GIVEN DATA:
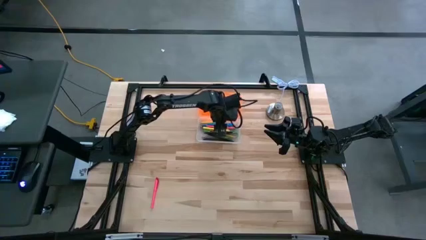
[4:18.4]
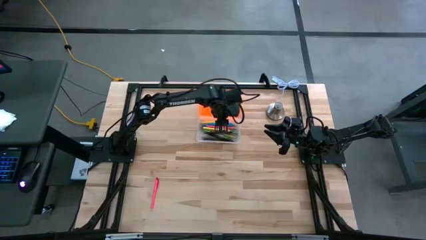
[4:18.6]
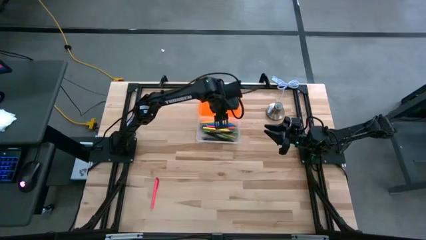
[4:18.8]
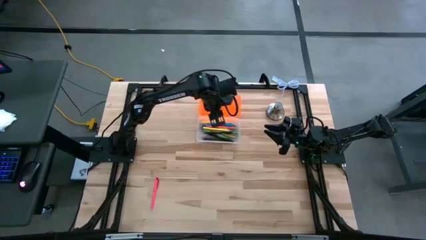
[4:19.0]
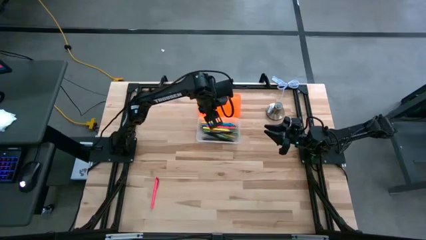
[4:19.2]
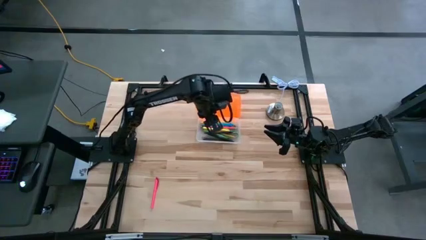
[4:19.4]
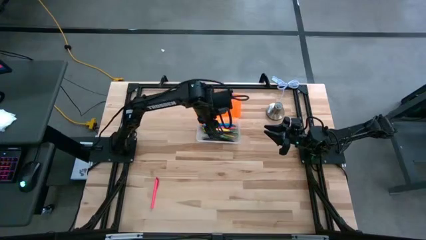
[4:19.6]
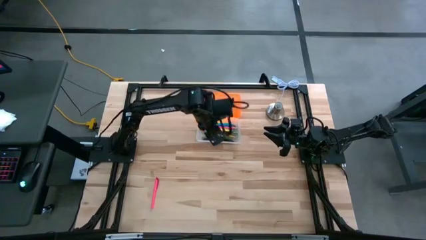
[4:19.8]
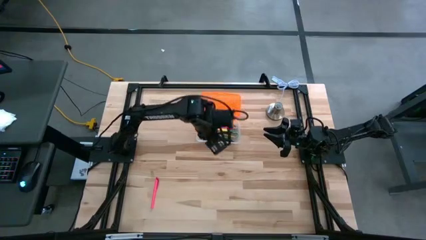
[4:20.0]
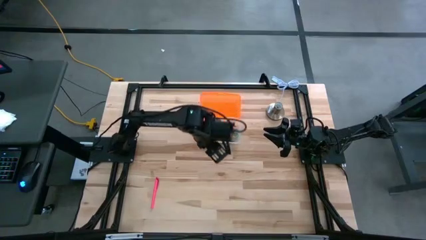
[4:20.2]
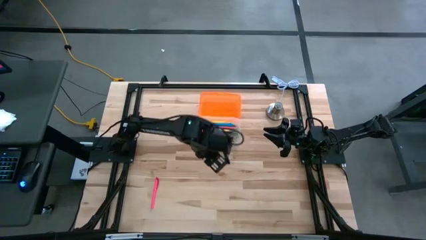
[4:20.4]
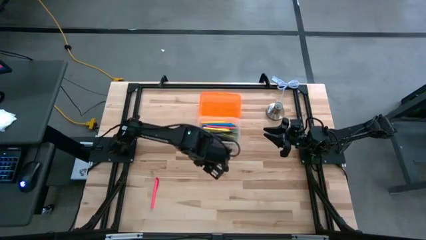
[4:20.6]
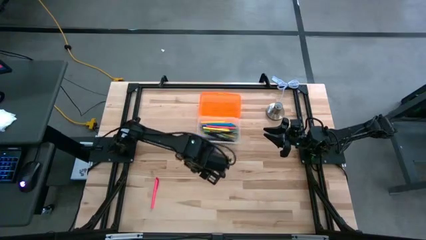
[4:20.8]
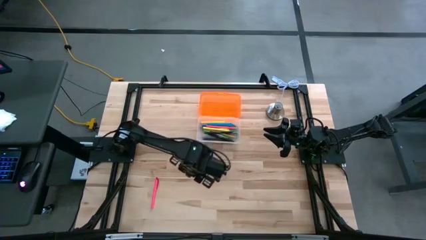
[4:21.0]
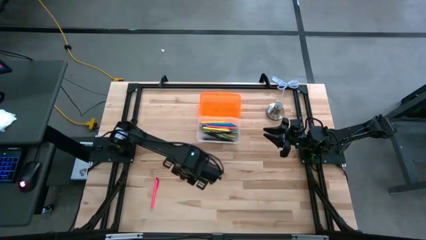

EXERCISE BRIEF: The listing is to be repeated word for word, with all pictures omitted.

PROBLEM SOLUTION:
[4:18.4]
[4:18.6]
[4:18.8]
[4:19.0]
[4:19.2]
[4:19.4]
[4:19.6]
[4:19.8]
[4:20.0]
[4:20.2]
[4:20.4]
[4:20.6]
[4:20.8]
[4:21.0]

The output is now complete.